How to measure or detect cost-optimized routing
Measure cost-optimized routing as a policy outcome, not as a single invoice number:
- Token-cost-per-trace — cost rolled up from prompt and completion tokens for every trace under a routing policy.
- Quality pass rate after route — percentage of routed outputs passing
AnswerRelevancy,Groundedness,JSONValidation, or the task-specific eval. - Fallback trigger rate — share of cheap-route attempts that move to
model fallback; high rates mean the first target is underpowered. - p99 latency by policy — confirms the cheapest route is not violating user-facing latency targets.
- Provider mix drift — actual percentage of calls by provider and model, compared with the intended policy.
- User-feedback proxy — thumbs-down rate or escalation rate segmented by selected model.
from fi.evals import AnswerRelevancy
score = AnswerRelevancy().evaluate(
input=user_question,
output=routed_response,
)
Use the eval score beside gen_ai.usage.input_tokens and gen_ai.usage.output_tokens, not instead of them. A route that saves 60% on tokens but doubles escalation rate is not cost-optimized; it is cost-shifted.
Common mistakes
- Choosing the cheapest model globally. Cost routing must honor task class, latency SLO, region policy, and minimum quality score.
- Ignoring completion-token variance. A cheap model that writes twice as much can cost more than a concise premium model.
- Measuring spend only by provider invoice. You need token-cost-per-trace grouped by routing policy and selected model.
- Routing agents like chatbots. Planning, tool use, and final response calls often deserve different cost policies.
- Skipping eval checks after downgrade.

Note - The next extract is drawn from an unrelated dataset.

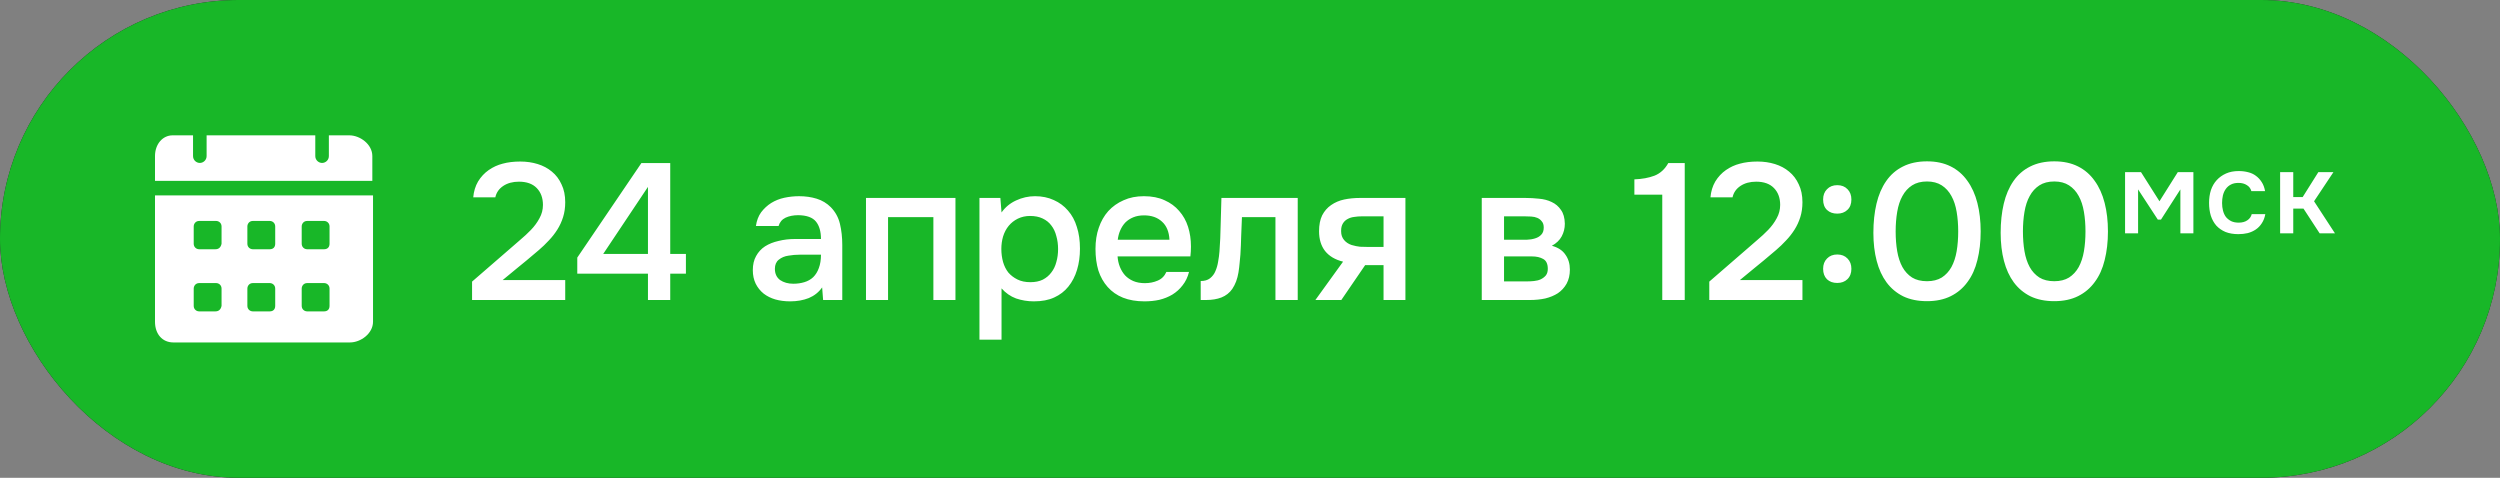<?xml version="1.0" encoding="UTF-8"?> <svg xmlns="http://www.w3.org/2000/svg" width="225" height="43" viewBox="0 0 225 43" fill="none"><rect x="0" y="0" width="225" height="43" fill="#808080" stroke="none"/><rect width="225" height="43" rx="21.5" fill="#212121"></rect><rect width="225" height="43" rx="21.5" fill="#18B728"></rect><path d="M31.432 12.18H29.598V14.044C29.598 14.417 29.293 14.665 28.987 14.665C28.681 14.665 28.376 14.417 28.376 14.044V12.18H18.595V14.044C18.595 14.417 18.29 14.665 17.984 14.665C17.678 14.665 17.373 14.417 17.373 14.044V12.18H15.539C14.622 12.18 13.95 12.988 13.95 14.044V16.281H33.51V14.044C33.51 12.988 32.41 12.18 31.432 12.18ZM13.95 17.585V28.956C13.95 30.075 14.622 30.82 15.6 30.82H31.493C32.471 30.82 33.572 30.013 33.572 28.956V17.585H13.95ZM19.39 28.024H17.923C17.678 28.024 17.434 27.838 17.434 27.527V25.974C17.434 25.725 17.617 25.477 17.923 25.477H19.451C19.696 25.477 19.94 25.663 19.94 25.974V27.527C19.879 27.838 19.696 28.024 19.39 28.024ZM19.39 22.432H17.923C17.678 22.432 17.434 22.246 17.434 21.935V20.382C17.434 20.133 17.617 19.885 17.923 19.885H19.451C19.696 19.885 19.94 20.071 19.94 20.382V21.935C19.879 22.246 19.696 22.432 19.39 22.432ZM24.28 28.024H22.752C22.507 28.024 22.263 27.838 22.263 27.527V25.974C22.263 25.725 22.446 25.477 22.752 25.477H24.28C24.525 25.477 24.769 25.663 24.769 25.974V27.527C24.769 27.838 24.586 28.024 24.28 28.024ZM24.28 22.432H22.752C22.507 22.432 22.263 22.246 22.263 21.935V20.382C22.263 20.133 22.446 19.885 22.752 19.885H24.28C24.525 19.885 24.769 20.071 24.769 20.382V21.935C24.769 22.246 24.586 22.432 24.28 22.432ZM29.17 28.024H27.642C27.398 28.024 27.153 27.838 27.153 27.527V25.974C27.153 25.725 27.337 25.477 27.642 25.477H29.17C29.415 25.477 29.659 25.663 29.659 25.974V27.527C29.659 27.838 29.476 28.024 29.17 28.024ZM29.17 22.432H27.642C27.398 22.432 27.153 22.246 27.153 21.935V20.382C27.153 20.133 27.337 19.885 27.642 19.885H29.17C29.415 19.885 29.659 20.071 29.659 20.382V21.935C29.659 22.246 29.476 22.432 29.17 22.432Z" fill="white"></path><path d="M45.885 22.399C46.164 22.155 46.472 21.887 46.809 21.597C47.157 21.306 47.483 21.004 47.785 20.691C48.098 20.365 48.354 20.017 48.551 19.645C48.761 19.273 48.865 18.872 48.865 18.442C48.865 17.815 48.679 17.309 48.307 16.926C47.936 16.542 47.401 16.351 46.704 16.351C46.146 16.351 45.676 16.479 45.292 16.734C44.909 16.99 44.671 17.333 44.578 17.762H42.591C42.637 17.228 42.782 16.752 43.026 16.333C43.282 15.915 43.602 15.572 43.985 15.305C44.368 15.038 44.787 14.846 45.24 14.73C45.705 14.602 46.233 14.538 46.826 14.538C47.384 14.538 47.907 14.614 48.395 14.765C48.883 14.916 49.307 15.142 49.667 15.444C50.039 15.746 50.329 16.13 50.538 16.595C50.759 17.048 50.87 17.582 50.87 18.198C50.87 18.686 50.806 19.134 50.678 19.54C50.55 19.947 50.376 20.325 50.155 20.673C49.934 21.022 49.679 21.347 49.388 21.649C49.109 21.951 48.813 22.236 48.499 22.503C48.081 22.863 47.709 23.177 47.384 23.444C47.07 23.7 46.785 23.932 46.53 24.142C46.274 24.351 46.042 24.543 45.833 24.717C45.623 24.879 45.426 25.042 45.24 25.205H50.87V27H42.486V25.344L45.885 22.399ZM60.321 14.678V22.852H61.732V24.63H60.321V27H58.316V24.63H51.955V23.183L57.724 14.678H60.321ZM54.29 22.852H58.316V16.821L54.29 22.852ZM73.993 25.867C73.69 26.297 73.29 26.617 72.79 26.826C72.29 27.023 71.733 27.122 71.117 27.122C70.629 27.122 70.181 27.064 69.775 26.948C69.379 26.831 69.031 26.657 68.729 26.425C68.427 26.181 68.189 25.884 68.014 25.536C67.84 25.176 67.753 24.769 67.753 24.316C67.753 23.816 67.852 23.392 68.049 23.044C68.247 22.683 68.514 22.393 68.851 22.172C69.199 21.951 69.606 21.789 70.071 21.684C70.536 21.568 71.024 21.51 71.535 21.51H73.888C73.888 20.836 73.737 20.313 73.435 19.941C73.133 19.569 72.604 19.378 71.849 19.366C71.407 19.366 71.024 19.442 70.698 19.593C70.385 19.744 70.175 19.993 70.071 20.342H68.032C68.101 19.854 68.258 19.442 68.502 19.105C68.758 18.768 69.06 18.489 69.409 18.268C69.769 18.047 70.164 17.89 70.594 17.797C71.035 17.704 71.477 17.658 71.918 17.658C72.488 17.658 73.016 17.733 73.504 17.884C73.993 18.035 74.417 18.291 74.777 18.651C75.183 19.07 75.457 19.569 75.596 20.15C75.735 20.731 75.805 21.364 75.805 22.05V27H74.08L73.993 25.867ZM73.888 22.922H71.971C71.634 22.922 71.297 22.951 70.96 23.009C70.623 23.055 70.332 23.177 70.088 23.375C69.856 23.561 69.74 23.834 69.74 24.194C69.74 24.635 69.897 24.972 70.21 25.205C70.536 25.426 70.931 25.536 71.395 25.536C71.756 25.536 72.087 25.489 72.389 25.396C72.703 25.303 72.97 25.152 73.191 24.943C73.412 24.723 73.58 24.45 73.696 24.124C73.824 23.787 73.888 23.386 73.888 22.922ZM77.939 27V17.815H85.991V27H84.004V19.54H79.925V27H77.939ZM90.138 30.573H88.151V17.815H90.033L90.138 19.122C90.475 18.646 90.911 18.285 91.445 18.041C91.991 17.786 92.561 17.658 93.153 17.658C93.781 17.658 94.344 17.774 94.844 18.006C95.344 18.227 95.768 18.541 96.116 18.948C96.476 19.354 96.744 19.848 96.918 20.429C97.104 20.998 97.197 21.649 97.197 22.381C97.197 23.067 97.11 23.7 96.935 24.281C96.761 24.862 96.5 25.367 96.151 25.797C95.814 26.216 95.39 26.541 94.879 26.773C94.379 27.006 93.769 27.122 93.049 27.122C92.491 27.122 91.956 27.035 91.445 26.861C90.945 26.675 90.51 26.372 90.138 25.954V30.573ZM92.735 25.396C93.165 25.396 93.537 25.321 93.85 25.17C94.164 25.007 94.42 24.792 94.617 24.525C94.826 24.258 94.978 23.944 95.07 23.584C95.175 23.224 95.227 22.834 95.227 22.416C95.227 21.998 95.175 21.608 95.07 21.248C94.978 20.877 94.826 20.557 94.617 20.29C94.42 20.023 94.158 19.813 93.833 19.662C93.519 19.511 93.142 19.436 92.7 19.436C92.305 19.436 91.939 19.517 91.602 19.68C91.277 19.842 91.004 20.057 90.783 20.325C90.562 20.592 90.394 20.911 90.277 21.283C90.173 21.643 90.121 22.015 90.121 22.399C90.121 22.817 90.173 23.212 90.277 23.584C90.382 23.944 90.539 24.258 90.748 24.525C90.969 24.781 91.242 24.99 91.567 25.152C91.892 25.315 92.282 25.396 92.735 25.396ZM100.581 23.078C100.604 23.415 100.674 23.729 100.79 24.02C100.906 24.31 101.063 24.566 101.26 24.787C101.458 24.996 101.702 25.164 101.992 25.292C102.294 25.42 102.643 25.484 103.038 25.484C103.456 25.484 103.84 25.408 104.188 25.257C104.549 25.106 104.81 24.845 104.973 24.473H107.012C106.896 24.938 106.704 25.338 106.437 25.675C106.181 26.012 105.873 26.291 105.513 26.512C105.164 26.721 104.775 26.878 104.345 26.983C103.927 27.076 103.48 27.122 103.003 27.122C102.271 27.122 101.626 27.012 101.069 26.791C100.522 26.57 100.064 26.25 99.692 25.832C99.32 25.414 99.041 24.92 98.855 24.351C98.681 23.77 98.594 23.119 98.594 22.399C98.594 21.701 98.692 21.068 98.89 20.499C99.088 19.918 99.372 19.418 99.744 19C100.127 18.582 100.586 18.256 101.121 18.024C101.655 17.78 102.265 17.658 102.951 17.658C103.671 17.658 104.293 17.78 104.816 18.024C105.339 18.256 105.775 18.576 106.123 18.983C106.483 19.389 106.751 19.866 106.925 20.412C107.099 20.958 107.186 21.55 107.186 22.189C107.186 22.492 107.169 22.788 107.134 23.078H100.581ZM105.252 21.579C105.217 20.859 104.99 20.313 104.572 19.941C104.165 19.569 103.631 19.383 102.968 19.383C102.597 19.383 102.271 19.442 101.992 19.558C101.713 19.674 101.475 19.831 101.278 20.028C101.092 20.226 100.941 20.458 100.825 20.726C100.708 20.993 100.633 21.277 100.598 21.579H105.252ZM109.753 22.625C109.812 21.835 109.846 21.051 109.858 20.272C109.881 19.482 109.904 18.663 109.928 17.815H116.795V27H114.79V19.54H111.775C111.752 20.11 111.729 20.679 111.706 21.248C111.694 21.806 111.671 22.364 111.636 22.922C111.624 23.131 111.601 23.381 111.566 23.671C111.543 23.95 111.508 24.235 111.461 24.525C111.415 24.804 111.345 25.071 111.252 25.327C111.159 25.571 111.043 25.797 110.904 26.006C110.66 26.355 110.334 26.611 109.928 26.773C109.533 26.924 109.074 27 108.551 27H108.063V25.292C108.411 25.292 108.69 25.211 108.899 25.048C109.12 24.874 109.283 24.659 109.387 24.403C109.504 24.136 109.585 23.851 109.631 23.549C109.69 23.235 109.73 22.927 109.753 22.625ZM126.488 27H124.519V23.863H122.863L120.719 27H118.384L120.876 23.549C120.167 23.375 119.627 23.055 119.255 22.59C118.895 22.126 118.715 21.533 118.715 20.813C118.715 20.243 118.808 19.767 118.994 19.383C119.191 19 119.458 18.692 119.795 18.46C120.144 18.216 120.539 18.047 120.98 17.954C121.422 17.861 121.898 17.815 122.41 17.815H126.488V27ZM124.519 19.471H122.549C122.328 19.471 122.108 19.488 121.887 19.523C121.666 19.546 121.463 19.61 121.277 19.715C121.102 19.808 120.963 19.941 120.858 20.115C120.754 20.29 120.702 20.499 120.702 20.743C120.702 20.778 120.702 20.807 120.702 20.83C120.702 21.132 120.789 21.388 120.963 21.597C121.137 21.806 121.364 21.957 121.643 22.05C121.922 22.131 122.177 22.184 122.41 22.207C122.642 22.219 122.874 22.224 123.107 22.224H124.519V19.471ZM133.358 17.815H137.28C137.687 17.815 138.099 17.838 138.517 17.884C138.936 17.919 139.313 18.018 139.65 18.181C139.999 18.343 140.278 18.582 140.487 18.895C140.708 19.198 140.824 19.61 140.835 20.133C140.835 20.54 140.742 20.917 140.557 21.266C140.371 21.614 140.074 21.899 139.668 22.12C140.225 22.271 140.632 22.538 140.888 22.922C141.155 23.293 141.289 23.741 141.289 24.264C141.289 24.752 141.19 25.176 140.992 25.536C140.795 25.884 140.533 26.169 140.208 26.39C139.883 26.599 139.505 26.756 139.075 26.861C138.645 26.953 138.192 27 137.716 27H133.358V17.815ZM135.363 19.471V21.579H136.565C136.833 21.579 137.106 21.579 137.384 21.579C137.675 21.568 137.931 21.527 138.151 21.457C138.384 21.388 138.57 21.277 138.709 21.126C138.86 20.975 138.936 20.76 138.936 20.481C138.936 20.237 138.878 20.052 138.761 19.924C138.657 19.784 138.523 19.68 138.36 19.61C138.198 19.54 138.012 19.5 137.803 19.488C137.605 19.476 137.419 19.471 137.245 19.471H135.363ZM137.384 25.327C137.617 25.327 137.843 25.315 138.064 25.292C138.297 25.269 138.5 25.216 138.674 25.135C138.86 25.042 139.011 24.926 139.127 24.787C139.244 24.635 139.302 24.438 139.302 24.194C139.302 23.752 139.162 23.456 138.883 23.305C138.616 23.154 138.285 23.078 137.89 23.078H135.363V25.327H137.384ZM151.626 27H149.604V17.518H147.094V16.142C147.779 16.118 148.384 16.008 148.907 15.81C149.429 15.601 149.842 15.224 150.144 14.678H151.626V27ZM157.235 22.399C157.514 22.155 157.822 21.887 158.159 21.597C158.507 21.306 158.833 21.004 159.135 20.691C159.448 20.365 159.704 20.017 159.902 19.645C160.111 19.273 160.215 18.872 160.215 18.442C160.215 17.815 160.029 17.309 159.658 16.926C159.286 16.542 158.751 16.351 158.054 16.351C157.496 16.351 157.026 16.479 156.642 16.734C156.259 16.99 156.021 17.333 155.928 17.762H153.941C153.987 17.228 154.132 16.752 154.376 16.333C154.632 15.915 154.952 15.572 155.335 15.305C155.719 15.038 156.137 14.846 156.59 14.73C157.055 14.602 157.583 14.538 158.176 14.538C158.734 14.538 159.257 14.614 159.745 14.765C160.233 14.916 160.657 15.142 161.017 15.444C161.389 15.746 161.679 16.13 161.889 16.595C162.109 17.048 162.22 17.582 162.22 18.198C162.22 18.686 162.156 19.134 162.028 19.54C161.9 19.947 161.726 20.325 161.505 20.673C161.284 21.022 161.029 21.347 160.738 21.649C160.459 21.951 160.163 22.236 159.849 22.503C159.431 22.863 159.059 23.177 158.734 23.444C158.42 23.7 158.135 23.932 157.88 24.142C157.624 24.351 157.392 24.543 157.183 24.717C156.973 24.879 156.776 25.042 156.59 25.205H162.22V27H153.836V25.344L157.235 22.399ZM165.353 16.664C165.737 16.664 166.045 16.786 166.277 17.03C166.509 17.263 166.625 17.571 166.625 17.954C166.625 18.361 166.503 18.675 166.259 18.895C166.027 19.116 165.725 19.227 165.353 19.227C164.97 19.227 164.662 19.116 164.429 18.895C164.197 18.675 164.081 18.361 164.081 17.954C164.081 17.571 164.197 17.263 164.429 17.03C164.662 16.786 164.97 16.664 165.353 16.664ZM165.353 22.904C165.737 22.904 166.045 23.026 166.277 23.27C166.509 23.503 166.625 23.81 166.625 24.194C166.625 24.589 166.503 24.903 166.259 25.135C166.027 25.356 165.725 25.466 165.353 25.466C164.97 25.466 164.662 25.356 164.429 25.135C164.197 24.903 164.081 24.589 164.081 24.194C164.081 23.81 164.197 23.503 164.429 23.27C164.662 23.026 164.97 22.904 165.353 22.904ZM178.26 20.83C178.26 21.771 178.161 22.631 177.964 23.41C177.778 24.177 177.482 24.833 177.075 25.379C176.68 25.925 176.18 26.349 175.576 26.651C174.972 26.953 174.257 27.105 173.432 27.105C172.607 27.105 171.893 26.959 171.288 26.669C170.684 26.367 170.185 25.948 169.789 25.414C169.394 24.879 169.098 24.235 168.901 23.479C168.703 22.724 168.604 21.882 168.604 20.952C168.604 19.999 168.697 19.128 168.883 18.338C169.069 17.547 169.36 16.868 169.755 16.298C170.15 15.729 170.649 15.293 171.254 14.991C171.869 14.678 172.596 14.521 173.432 14.521C174.246 14.521 174.954 14.672 175.559 14.974C176.163 15.276 176.662 15.706 177.057 16.264C177.464 16.821 177.766 17.489 177.964 18.268C178.161 19.035 178.26 19.889 178.26 20.83ZM170.609 20.83C170.609 21.469 170.655 22.062 170.748 22.608C170.841 23.154 170.998 23.63 171.219 24.037C171.439 24.432 171.73 24.746 172.09 24.978C172.45 25.199 172.898 25.309 173.432 25.309C173.955 25.309 174.397 25.199 174.757 24.978C175.117 24.746 175.407 24.432 175.628 24.037C175.849 23.63 176.006 23.154 176.099 22.608C176.192 22.062 176.238 21.469 176.238 20.83C176.238 20.203 176.192 19.616 176.099 19.07C176.006 18.512 175.849 18.035 175.628 17.64C175.407 17.234 175.117 16.914 174.757 16.682C174.397 16.45 173.955 16.333 173.432 16.333C172.898 16.333 172.45 16.45 172.09 16.682C171.73 16.914 171.439 17.234 171.219 17.64C170.998 18.035 170.841 18.512 170.748 19.07C170.655 19.616 170.609 20.203 170.609 20.83ZM189.715 20.83C189.715 21.771 189.616 22.631 189.419 23.41C189.233 24.177 188.937 24.833 188.53 25.379C188.135 25.925 187.635 26.349 187.031 26.651C186.427 26.953 185.712 27.105 184.887 27.105C184.062 27.105 183.348 26.959 182.743 26.669C182.139 26.367 181.64 25.948 181.244 25.414C180.849 24.879 180.553 24.235 180.356 23.479C180.158 22.724 180.059 21.882 180.059 20.952C180.059 19.999 180.152 19.128 180.338 18.338C180.524 17.547 180.815 16.868 181.21 16.298C181.605 15.729 182.104 15.293 182.708 14.991C183.324 14.678 184.051 14.521 184.887 14.521C185.701 14.521 186.409 14.672 187.014 14.974C187.618 15.276 188.117 15.706 188.512 16.264C188.919 16.821 189.221 17.489 189.419 18.268C189.616 19.035 189.715 19.889 189.715 20.83ZM182.064 20.83C182.064 21.469 182.11 22.062 182.203 22.608C182.296 23.154 182.453 23.63 182.674 24.037C182.894 24.432 183.185 24.746 183.545 24.978C183.905 25.199 184.353 25.309 184.887 25.309C185.41 25.309 185.852 25.199 186.212 24.978C186.572 24.746 186.862 24.432 187.083 24.037C187.304 23.63 187.461 23.154 187.554 22.608C187.647 22.062 187.693 21.469 187.693 20.83C187.693 20.203 187.647 19.616 187.554 19.07C187.461 18.512 187.304 18.035 187.083 17.64C186.862 17.234 186.572 16.914 186.212 16.682C185.852 16.45 185.41 16.333 184.887 16.333C184.353 16.333 183.905 16.45 183.545 16.682C183.185 16.914 182.894 17.234 182.674 17.64C182.453 18.035 182.296 18.512 182.203 19.07C182.11 19.616 182.064 20.203 182.064 20.83ZM191.256 15.489H192.689L194.352 18.114L196.004 15.489H197.405V21H196.234V17.047L194.488 19.766H194.205L192.428 17.047V21H191.256V15.489ZM201.451 21.073C201.012 21.073 200.625 21.007 200.29 20.875C199.963 20.735 199.687 20.543 199.464 20.299C199.248 20.048 199.084 19.752 198.973 19.41C198.868 19.062 198.816 18.678 198.816 18.26C198.816 17.842 198.872 17.458 198.983 17.11C199.102 16.761 199.276 16.461 199.506 16.21C199.736 15.959 200.015 15.761 200.343 15.614C200.67 15.468 201.05 15.395 201.483 15.395C201.789 15.395 202.072 15.43 202.33 15.499C202.595 15.562 202.828 15.67 203.03 15.823C203.233 15.97 203.407 16.158 203.553 16.388C203.7 16.611 203.801 16.883 203.857 17.204H202.623C202.56 16.967 202.424 16.786 202.215 16.66C202.013 16.528 201.762 16.461 201.462 16.461C201.197 16.461 200.97 16.51 200.782 16.608C200.594 16.705 200.44 16.838 200.322 17.005C200.203 17.172 200.116 17.368 200.06 17.591C200.012 17.807 199.987 18.034 199.987 18.271C199.987 18.515 200.015 18.745 200.071 18.961C200.127 19.177 200.214 19.365 200.332 19.526C200.458 19.679 200.615 19.804 200.803 19.902C200.991 19.993 201.218 20.038 201.483 20.038C201.796 20.038 202.054 19.968 202.257 19.829C202.466 19.689 202.598 19.505 202.654 19.274H203.877C203.822 19.588 203.717 19.86 203.564 20.09C203.417 20.32 203.236 20.509 203.02 20.655C202.804 20.801 202.563 20.909 202.298 20.979C202.033 21.042 201.751 21.073 201.451 21.073ZM205.211 21V15.489H206.393V17.737H207.24L208.652 15.489H210.011L208.265 18.114L210.147 21H208.767L207.313 18.773H206.393V21H205.211Z" fill="white"></path></svg>

Run
AnswerRelevancy,Groundedness, orJSONValidationon sampled cheap-route outputs before increasing traffic.
Frequently Asked Questions
What is cost-optimized routing?
Cost-optimized routing is an LLM-gateway strategy that selects the lowest-cost eligible model or provider for each request while preserving latency, quality, availability, and policy constraints.
How is cost-optimized routing different from least-latency routing?
Least-latency routing prefers the fastest healthy target. Cost-optimized routing prefers the cheapest target that still meets the request's reliability and latency thresholds.
How do you measure cost-optimized routing?
Measure token-cost-per-trace by routing policy, plus `gen_ai.usage.input_tokens`, `gen_ai.usage.output_tokens`, fallback rate, p99 latency, and quality eval pass rate after the route decision.